There are $10^7$ ways of distributing seven pencils into ten drawers. Of course, many of those ways don't have at least two pencils in the tenth drawer. So let's subtract those out.

How many ways are there to have no pencils in the tenth drawer? That's equal to the number of ways to distribute seven pencils into the first nine drawers, which is $9^7$. So we subtract that out.

Now, how many ways are there to have exactly one pencil in the tenth drawer? Well, let's take it slowly: How many ways are there to have only the first pencil in the tenth drawer? That means that the remaining six pencils have to all be distributed into the first nine drawers, which is $9^6$. So we have to subtract that out. But that's just the first pencil. Each of the other six pencils can be the unique pencil in the tenth drawer, too. So that's six more subtractions of $9^6$.

Altogether, then, we have

$$10^7-9^7-(7 \times 9^6)$$

which is, indeed, quite a ways from $66430$.

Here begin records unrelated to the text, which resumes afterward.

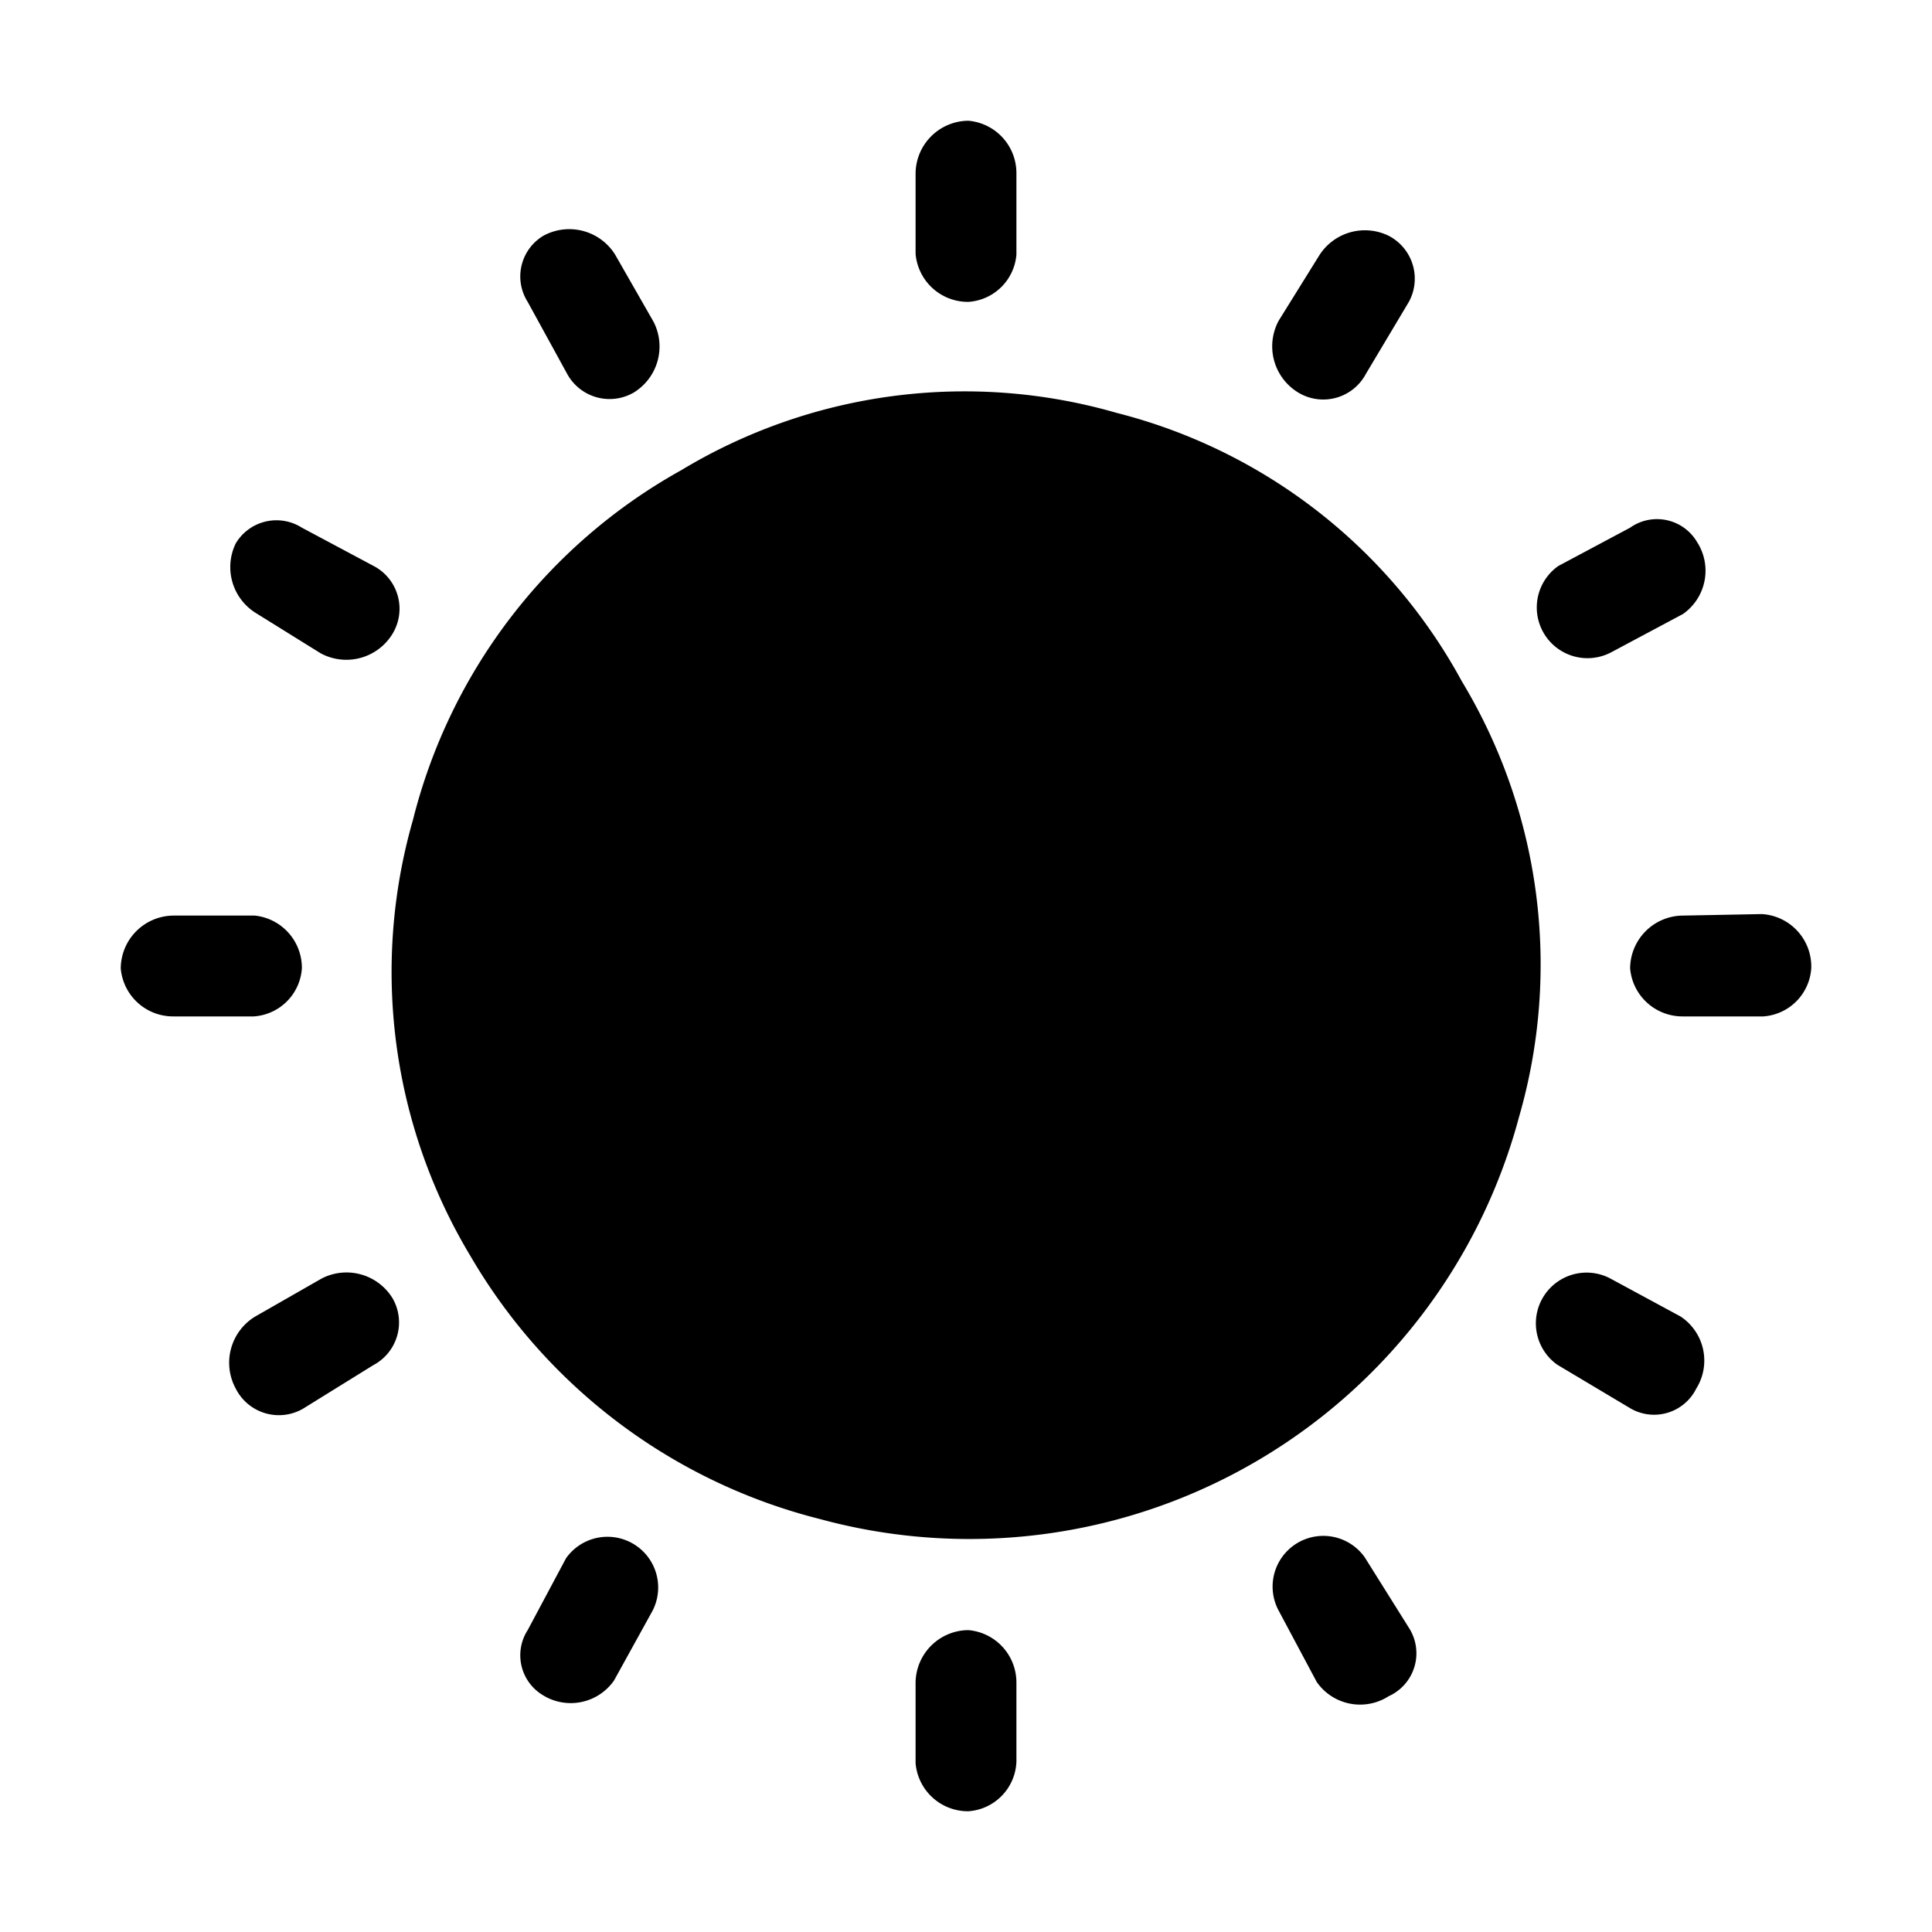 <svg height='300px' width='300px' fill="#000000" xmlns="http://www.w3.org/2000/svg" viewBox="0 0 64 64" x="0px" y="0px">
  <title>Weather</title>
  <path d="M37,13.68a18.07,18.07,0,0,1,11.42,8.88A18.17,18.17,0,0,1,50.32,37,18.85,18.85,0,0,1,27.16,50.32,18.68,18.68,0,0,1,15.58,41.6a18.26,18.26,0,0,1-1.9-14.44,18.36,18.36,0,0,1,8.88-11.58A18.17,18.17,0,0,1,37,13.68Z"></path>
  <path d="M30.33,5.75A1.76,1.76,0,0,1,32.08,4a1.74,1.74,0,0,1,1.59,1.75V8.44A1.71,1.71,0,0,1,32.08,10a1.74,1.74,0,0,1-1.75-1.59ZM17.48,10A1.57,1.57,0,0,1,18,7.81a1.79,1.79,0,0,1,2.38.63l1.27,2.22A1.79,1.79,0,0,1,21,13a1.6,1.6,0,0,1-2.22-.63Zm-9,10.31A1.79,1.79,0,0,1,7.81,18,1.57,1.57,0,0,1,10,17.48l2.38,1.27A1.6,1.6,0,0,1,13,21a1.79,1.79,0,0,1-2.38.64ZM5.75,33.67A1.74,1.74,0,0,1,4,32.08a1.76,1.76,0,0,1,1.75-1.75H8.44A1.74,1.74,0,0,1,10,32.08a1.71,1.71,0,0,1-1.59,1.59Zm4.28,13A1.6,1.6,0,0,1,7.81,46a1.79,1.79,0,0,1,.63-2.38l2.22-1.27A1.79,1.79,0,0,1,13,43a1.6,1.6,0,0,1-.63,2.22Zm10.31,9a1.75,1.75,0,0,1-2.38.47A1.54,1.54,0,0,1,17.48,54l1.27-2.38a1.68,1.68,0,0,1,2.86,1.75Zm13.33,2.69A1.71,1.71,0,0,1,32.08,60a1.74,1.74,0,0,1-1.75-1.59V55.72A1.76,1.76,0,0,1,32.08,54a1.74,1.74,0,0,1,1.59,1.75Zm13-4.44A1.56,1.56,0,0,1,46,56.19a1.75,1.75,0,0,1-2.38-.47l-1.27-2.38a1.68,1.68,0,0,1,2.86-1.75Zm9-10.31A1.75,1.75,0,0,1,56.19,46a1.56,1.56,0,0,1-2.22.63l-2.38-1.42a1.68,1.68,0,0,1,1.75-2.86Zm2.69-13.33A1.74,1.74,0,0,1,60,32.08a1.71,1.71,0,0,1-1.59,1.59H55.72A1.74,1.74,0,0,1,54,32.08a1.76,1.76,0,0,1,1.75-1.75ZM54,17.48a1.54,1.54,0,0,1,2.22.48,1.75,1.75,0,0,1-.47,2.38l-2.38,1.27a1.68,1.68,0,0,1-1.75-2.86Zm-10.31-9A1.79,1.79,0,0,1,46,7.81,1.6,1.6,0,0,1,46.67,10l-1.42,2.38A1.6,1.6,0,0,1,43,13a1.79,1.79,0,0,1-.64-2.38Z"></path>
</svg>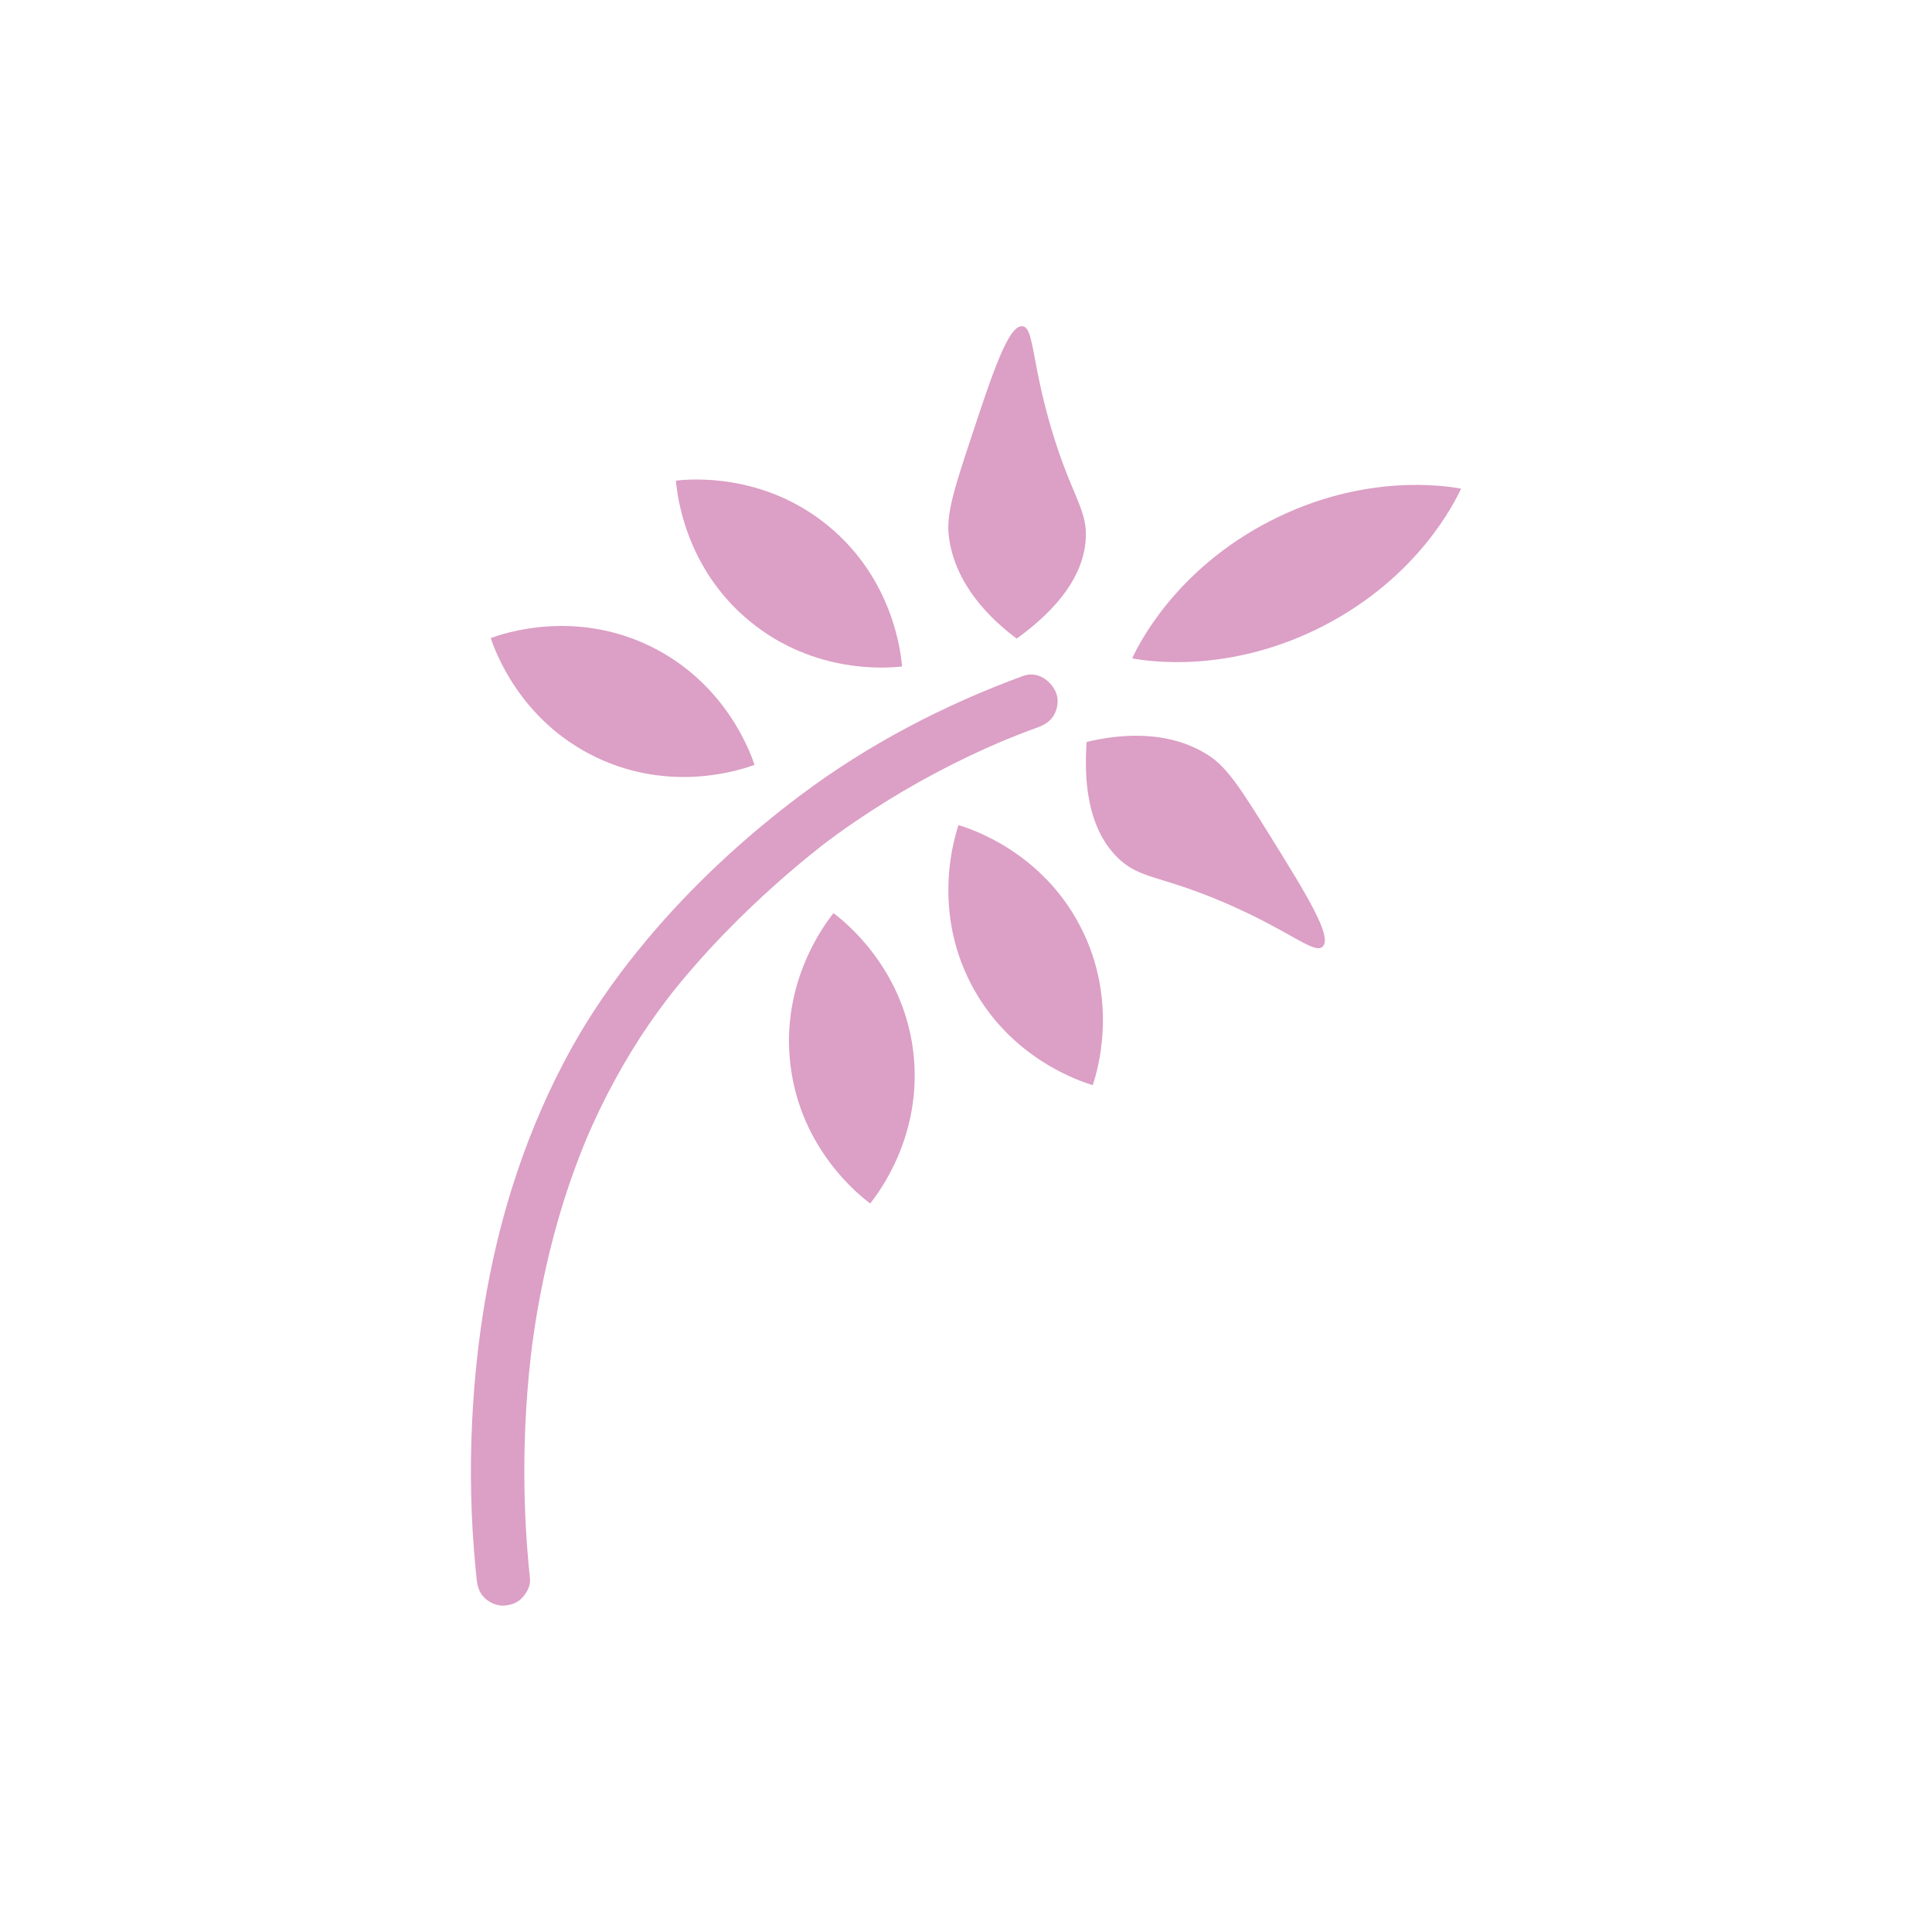 <?xml version="1.0" encoding="UTF-8"?>
<svg id="a" data-name="Ebene 1" xmlns="http://www.w3.org/2000/svg" viewBox="0 0 300 300">
  <path d="M158.97,104.92c-12.36,4.52-24.2,10.69-34.73,18.61-8.76,6.58-16.88,14.12-23.91,22.53-4.87,5.82-9.18,12.06-12.71,18.78-3.3,6.26-6,12.88-8.12,19.63-3.66,11.68-5.58,23.91-6.18,36.12-.38,7.69-.21,15.42.54,23.08.05.5.1,1,.15,1.5.12,1.13.38,2.1,1.21,2.93.72.72,1.9,1.26,2.94,1.22,1.07-.05,2.19-.4,2.93-1.22.69-.76,1.33-1.86,1.21-2.93-.36-3.37-.61-6.76-.75-10.15-.22-5.41-.17-10.83.16-16.23.22-3.71.58-7.41,1.07-11.09-.05.37-.1.74-.14,1.1,1.16-8.59,3.07-17.09,5.89-25.29.85-2.47,1.79-4.91,2.8-7.32-.14.33-.28.66-.42.99,2.71-6.39,6.01-12.53,9.95-18.26,1.02-1.49,2.11-2.92,3.18-4.36-.81,1.1.1-.13.3-.37.27-.34.53-.67.81-1.01.59-.72,1.18-1.44,1.79-2.14,2.25-2.64,4.62-5.19,7.07-7.64,3.77-3.77,7.73-7.35,11.88-10.71.65-.53,1.31-1.05,1.97-1.57.07-.05.14-.11.22-.17.42-.33-.99.76-.57.43.11-.08.21-.16.32-.24.23-.18.46-.35.69-.52,2.17-1.63,4.41-3.17,6.68-4.65,6.57-4.28,13.53-7.97,20.75-11.02-.33.14-.66.28-.99.42,2.05-.86,4.12-1.68,6.22-2.44,1.04-.38,1.91-.93,2.48-1.9.52-.89.74-2.2.42-3.2-.65-2-2.92-3.7-5.1-2.9" style="fill: #dc9fc5;"/>
  <path d="M187.69,117.31c2.9,1.88,5.1,5.36,9.38,12.24,5.79,9.33,9.89,15.92,8.31,17.44-1.31,1.25-5.03-2.43-15.15-6.79-10.26-4.42-13.31-3.59-16.84-7.18-2.58-2.62-5.38-7.57-4.66-17.81,4.81-1.16,12.56-2.04,18.96,2.1" style="fill: #dc9fc5;"/>
  <path d="M147.33,83.26c-.42-3.43.84-7.35,3.38-15.04,3.45-10.43,5.89-17.8,8.06-17.56,1.8.2,1.36,5.41,4.5,15.98,3.18,10.7,5.78,12.52,5.29,17.53-.36,3.65-2.36,8.98-10.69,14.99-3.98-2.96-9.61-8.33-10.54-15.9" style="fill: #dc9fc5;"/>
  <path d="M167.78,143.91c6.01,11.65,2.55,22.66,1.9,24.59-1.95-.59-12.93-4.14-18.94-15.79-6.01-11.65-2.55-22.66-1.9-24.59,1.95.59,12.93,4.14,18.94,15.79" style="fill: #dc9fc5;"/>
  <path d="M197.15,80.94c14.73-7.6,27.49-5.47,29.72-5.06-.96,2.06-6.61,13.69-21.34,21.29-14.73,7.6-27.49,5.47-29.72,5.06.95-2.06,6.61-13.69,21.34-21.29" style="fill: #dc9fc5;"/>
  <path d="M128.6,81.65c10.13,8.32,11.3,19.81,11.47,21.84-2.03.23-13.52,1.31-23.64-7.02-10.13-8.32-11.3-19.81-11.47-21.84,2.02-.23,13.52-1.31,23.64,7.02" style="fill: #dc9fc5;"/>
  <path d="M100.84,100.28c11.81,5.68,15.68,16.56,16.32,18.49-1.92.7-12.82,4.48-24.64-1.2-11.81-5.68-15.67-16.56-16.32-18.49,1.92-.7,12.82-4.48,24.64,1.2" style="fill: #dc9fc5;"/>
  <path d="M141.79,163.13c1.64,13.01-5.4,22.15-6.67,23.75-1.63-1.23-10.72-8.33-12.36-21.34-1.64-13.01,5.39-22.15,6.67-23.75,1.62,1.23,10.71,8.33,12.36,21.34" style="fill: #dc9fc5;"/>
</svg>

The reason why you didn't get the right answer is that you didn't account for all the different combinations of pencils that could be in the tenth drawer. For instance, you write, for $4$ pencils in the tenth drawer, a total count of $729$. But that only takes care of the ways to put the other $3$ pencils in the other $9$ drawers. You forgot that there are many ways to select the $4$ pencils that will go into the tenth drawer—$\binom{7}{4} = 35$, in fact.

If you take that into account in your approach, you will have

$$1+\binom76\times9+\binom75\times9^2+\binom74\times9^3+\binom73\times9^4+\binom72\times9^5$$

and you will end up with the same answer as above.